• **Aim of the task**:
Without including the images, transcribe each record precisely as it appears below.

[Data records]
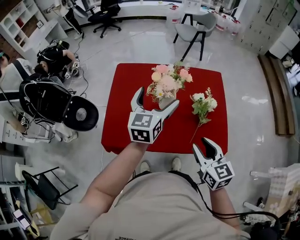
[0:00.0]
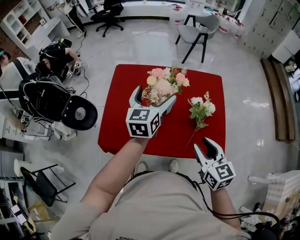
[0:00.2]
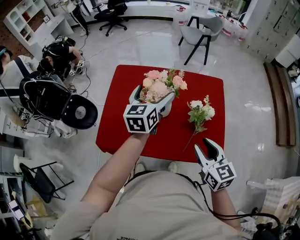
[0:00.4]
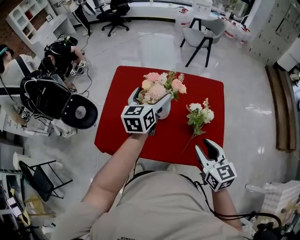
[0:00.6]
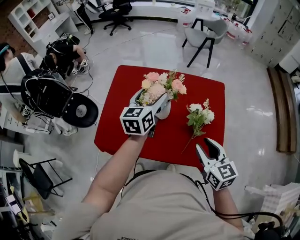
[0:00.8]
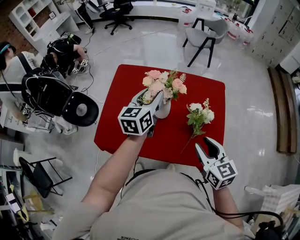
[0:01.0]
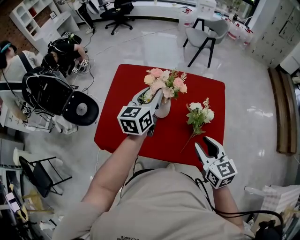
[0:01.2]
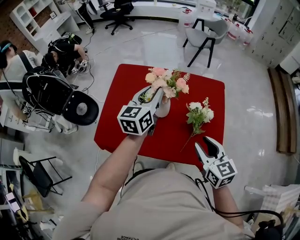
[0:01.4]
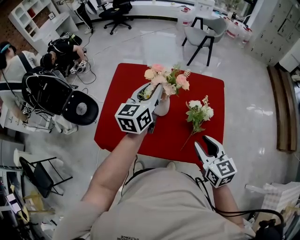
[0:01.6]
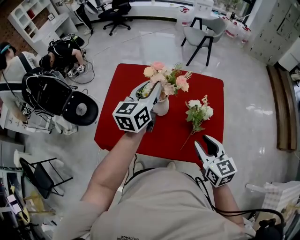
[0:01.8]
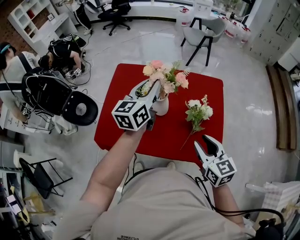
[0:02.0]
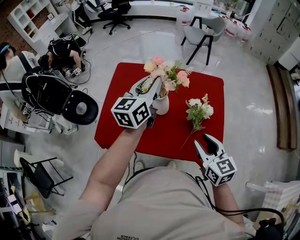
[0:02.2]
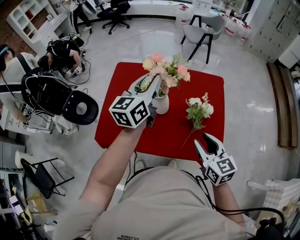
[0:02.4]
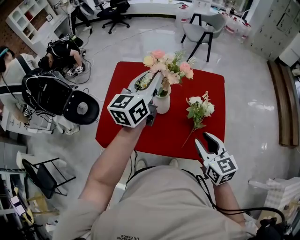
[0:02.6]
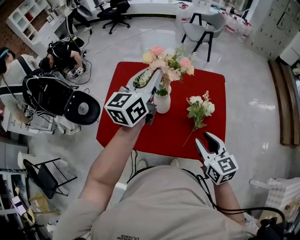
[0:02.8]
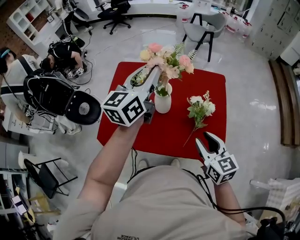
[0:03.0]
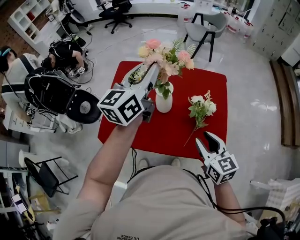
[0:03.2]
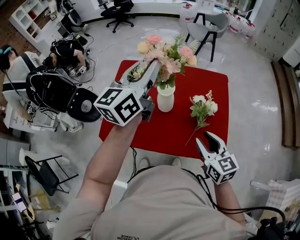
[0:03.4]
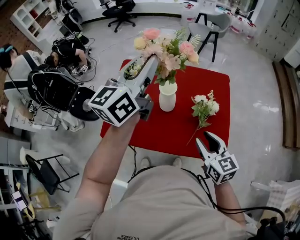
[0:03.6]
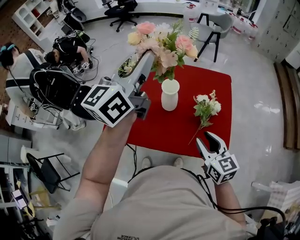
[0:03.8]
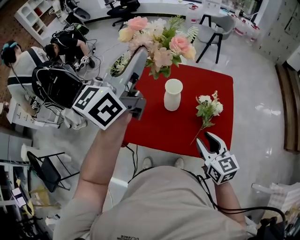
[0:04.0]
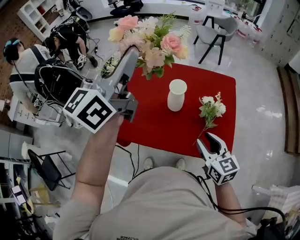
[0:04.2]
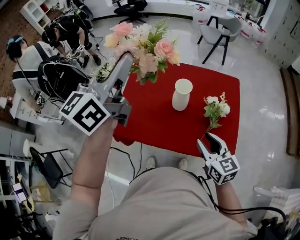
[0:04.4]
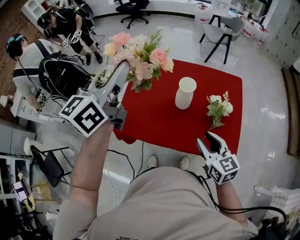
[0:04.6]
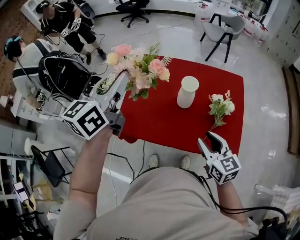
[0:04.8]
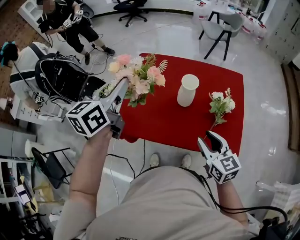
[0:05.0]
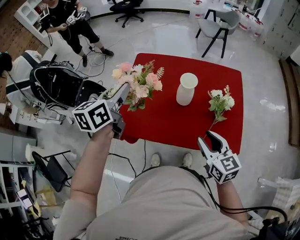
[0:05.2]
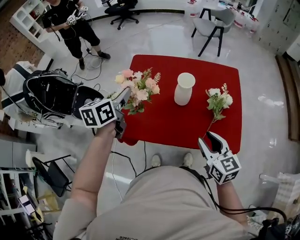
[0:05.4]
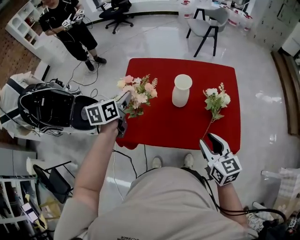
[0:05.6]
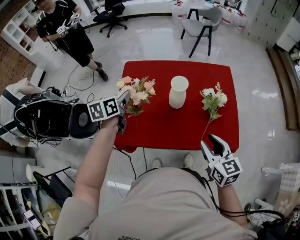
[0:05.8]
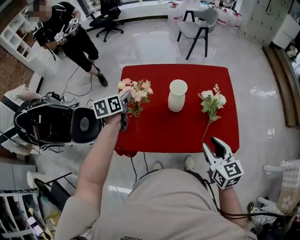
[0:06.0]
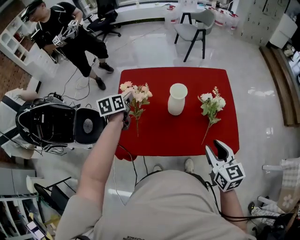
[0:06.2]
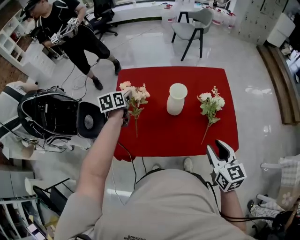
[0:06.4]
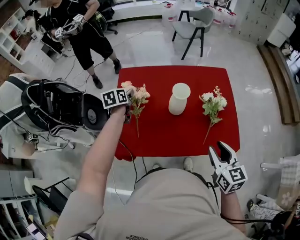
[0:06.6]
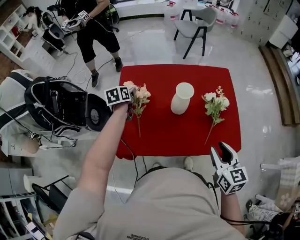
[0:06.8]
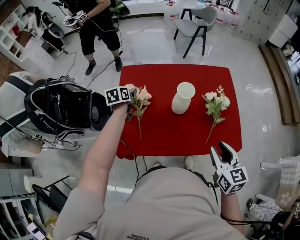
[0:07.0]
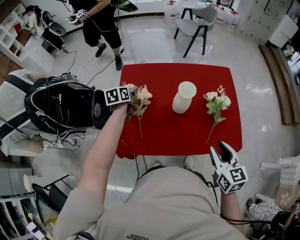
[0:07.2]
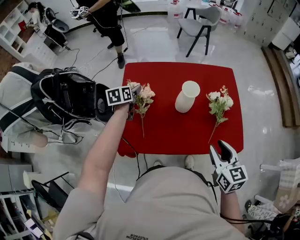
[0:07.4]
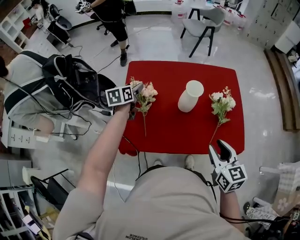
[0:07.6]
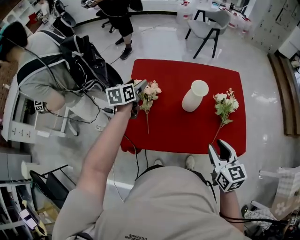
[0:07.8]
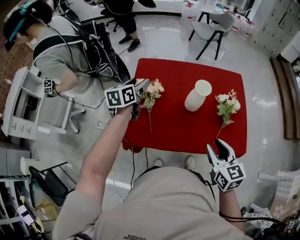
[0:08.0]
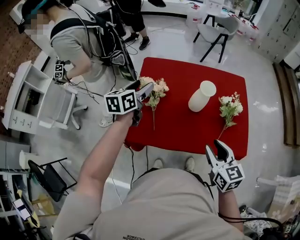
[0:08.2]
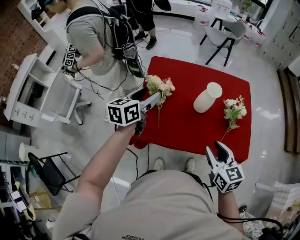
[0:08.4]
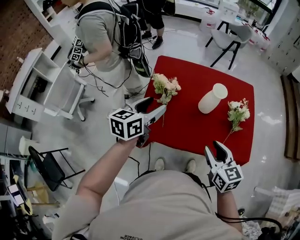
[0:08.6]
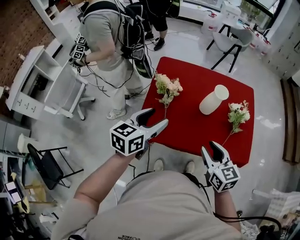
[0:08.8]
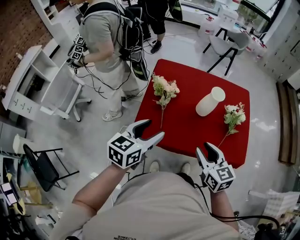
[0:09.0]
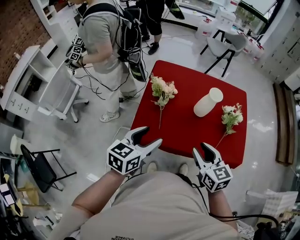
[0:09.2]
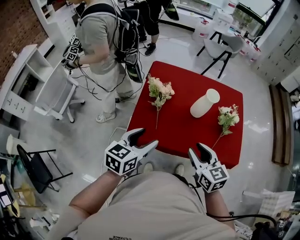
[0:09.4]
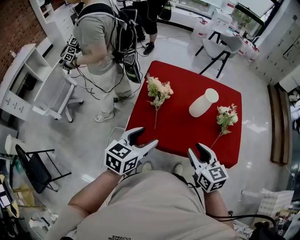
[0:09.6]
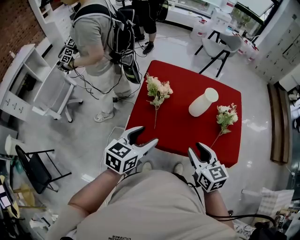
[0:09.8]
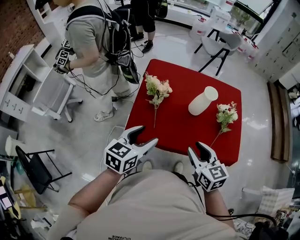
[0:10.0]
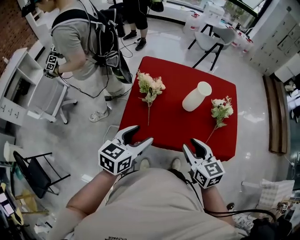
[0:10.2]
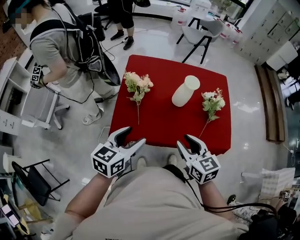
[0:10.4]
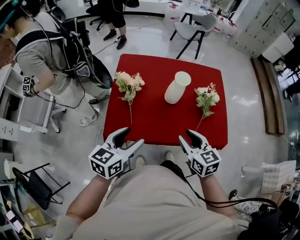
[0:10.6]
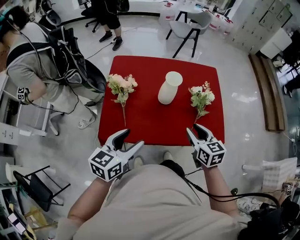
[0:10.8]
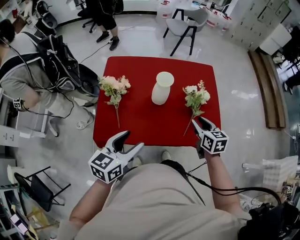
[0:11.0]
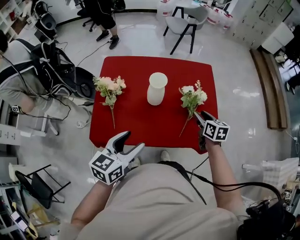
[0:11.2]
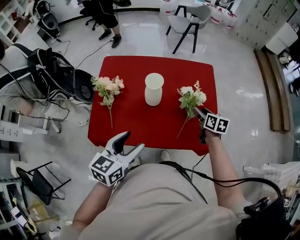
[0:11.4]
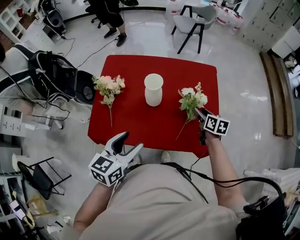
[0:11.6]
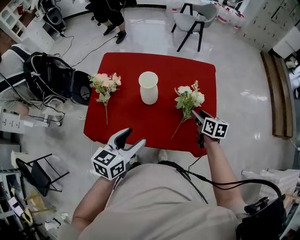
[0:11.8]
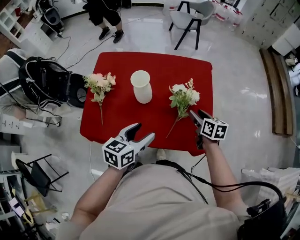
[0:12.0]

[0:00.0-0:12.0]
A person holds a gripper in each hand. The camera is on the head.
0:00.0 to 0:01.6: The left gripper moves some 5 cm, and closes, while the right gripper goes roughly 5 cm to the right.
0:01.6 to 0:03.0: The left gripper travels upward by roughly 10 cm.
0:03.0 to 0:04.4: The right gripper is displaced to the left by about 5 cm. The left gripper shifts about 20 cm to the left, upward and backward.
0:04.4 to 0:06.0: The left gripper shifts approximately 30 cm downward, and points its fingers about 40 degrees further downward.
0:06.0 to 0:07.6: The left gripper travels forward and downward by approximately 10 cm.
0:07.6 to 0:09.0: The right gripper heads to the left, covering approximately 15 cm; the left gripper travels backward by approximately 30 cm, and turns by approximately 20 degrees.
0:09.0 to 0:10.4: There are only small adjustments of the grippers.
0:10.4 to 0:12.0: The right gripper shifts approximately 35 cm to the right and forward, and turns by some 30 degrees. Meanwhile the left gripper goes approximately 25 cm to the right.

• **Task answer**:
[0:00.0]
[0:00.2]
[0:00.4]
[0:00.6]
[0:00.8]
[0:01.0]
[0:01.2]
[0:01.4]
[0:01.6]
[0:01.8]
[0:02.0]
[0:02.2]
[0:02.4]
[0:02.6]
[0:02.8]
[0:03.0]
[0:03.2]
[0:03.4]
[0:03.6]
[0:03.8]
[0:04.0]
[0:04.2]
[0:04.4]
[0:04.6]
[0:04.8]
[0:05.0]
[0:05.2]
[0:05.4]
[0:05.6]
[0:05.8]
[0:06.0]
[0:06.2]
[0:06.4]
[0:06.6]
[0:06.8]
[0:07.0]
[0:07.2]
[0:07.4]
[0:07.6]
[0:07.8]
[0:08.0]
[0:08.2]
[0:08.4]
[0:08.6]
[0:08.8]
[0:09.0]
[0:09.2]
[0:09.4]
[0:09.6]
[0:09.8]
[0:10.0]
[0:10.2]
[0:10.4]
[0:10.6]
[0:10.8]
[0:11.0]
[0:11.2]
[0:11.4]
[0:11.6]
[0:11.8]
[0:12.0]

[0:00.0-0:12.0]
A person holds a gripper in each hand. The camera is on the head.
0:00.0 to 0:01.6: The left gripper moves some 5 cm, and closes, while the right gripper goes roughly 5 cm to the right.
0:01.6 to 0:03.0: The left gripper travels upward by roughly 10 cm.
0:03.0 to 0:04.4: The right gripper is displaced to the left by about 5 cm. The left gripper shifts about 20 cm to the left, upward and backward.
0:04.4 to 0:06.0: The left gripper shifts approximately 30 cm downward, and points its fingers about 40 degrees further downward.
0:06.0 to 0:07.6: The left gripper travels forward and downward by approximately 10 cm.
0:07.6 to 0:09.0: The right gripper heads to the left, covering approximately 15 cm; the left gripper travels backward by approximately 30 cm, and turns by approximately 20 degrees.
0:09.0 to 0:10.4: There are only small adjustments of the grippers.
0:10.4 to 0:12.0: The right gripper shifts approximately 35 cm to the right and forward, and turns by some 30 degrees. Meanwhile the left gripper goes approximately 25 cm to the right.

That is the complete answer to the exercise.